All responders to the original SF-36 questionnaire can be assigned an SF-6D score provided the 11 items used in the SF-6D have been completed. The SF-6D can be regarded as a continuous outcome scored on a 0.29 to 1.00 scale, with 1.00 indicating "full health". Anchor-based methods examine the relationship between an health-related quality of life (HRQoL) measure and an independent measure (or anchor) to elucidate the meaning of a particular degree of change. One anchor-based approach uses an estimate of the MID, the difference in the QoL scale corresponding to a self-reported small but important change on a global scale. Patients were followed for a period of time, then asked, using question 2 of the SF-36 as our global rating scale, (which is not part of the SF-6D), if there general health is much better (5), somewhat better (4), stayed the same (3), somewhat worse (2) or much worse (1) compared to the last time they were assessed. We considered patients whose global rating score was 4 or 2 as having experienced some change equivalent to the MID. In patients who reported a worsening of health (global change of 1 or 2) the sign of the change in the SF-6D score was reversed (i.e. multiplied by minus one). The MID was then taken as the mean change on the SF-6D scale of the patients who scored (2 or 4).

RESULTS

This paper describes the MID for the SF-6D from seven longitudinal studies that had previously used the SF-36.

CONCLUSIONS

From the seven reviewed studies (with nine patient groups) the MID for the SF-6D ranged from 0.010 to 0.048, with a weighted mean estimate of 0.033 (95% CI: 0.029 to 0.037). The corresponding Standardised Response Means (SRMs) ranged from 0.11 to 0.48, with a mean of 0.30 and were mainly in the "small to moderate" range using Cohen's criteria, supporting the MID results. Using the half-standard deviation (of change) approach the mean effect size was 0.051 (range 0.033 to 0.066). Further empirical work is required to see whether or not this holds true for other patient groups and populations.

摘要

背景

SF-6D是一种新的基于偏好的单一健康综合测量指标,由SF-36衍生而来。需要开展实证研究来确定SF-6D分数的最小变化量,这一变化量对于健康专业人员、患者及其他利益相关者而言具有重要意义。

目的

运用基于锚定的方法来确定不同数据集的SF-6D最小重要差异(MID)。

方法

只要完成了SF-6D中使用的11个项目,所有对原始SF-36问卷作出回应者都可被赋予一个SF-6D分数。SF-6D可视为一个连续结果,得分范围为0.29至1.00,1.00表示“完全健康”。基于锚定的方法研究健康相关生活质量(HRQoL)测量指标与独立测量指标(或锚)之间的关系,以阐明特定程度变化的意义。一种基于锚定的方法使用MID估计值,即生活质量量表上与全球范围内自我报告的小而重要的变化相对应的差异。对患者进行一段时间的随访,然后使用SF-36的问题2作为我们的整体评分量表(这不是SF-6D的一部分)询问患者,与上次评估相比,他们的总体健康状况是好多了(5)、稍好一些(4)、保持不变(3)、稍差一些(2)还是差得多(1)。

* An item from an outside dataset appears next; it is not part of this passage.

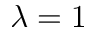
\lambda = 1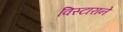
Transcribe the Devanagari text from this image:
विस्टाराने

我们将整体评分得分为4或2的患者视为经历了等同于MID的某种变化。在报告健康状况恶化(整体变化为1或2)的患者中,SF-6D分数变化的符号取反(即乘以负一)。然后将MID作为得分为(2或4)的患者在SF-6D量表上的平均变化。

结果

本文描述了来自七项先前使用SF-36的纵向研究中SF-6D的MID。

结论

在七项纳入综述的研究(包含九个患者组)中,SF-6D的MID范围为0.010至0.048,加权平均估计值为0.033(95%置信区间:0.029至0.037)。相应的标准化反应均值(SRM)范围为0.11至0.48,均值为0.30,根据科恩标准,主要处于“小到中等”范围,支持了MID结果。采用(变化的)半标准差方法,平均效应大小为0.051(范围为0.033至0.066)。还需要进一步的实证研究来确定这是否适用于其他患者群体和人群。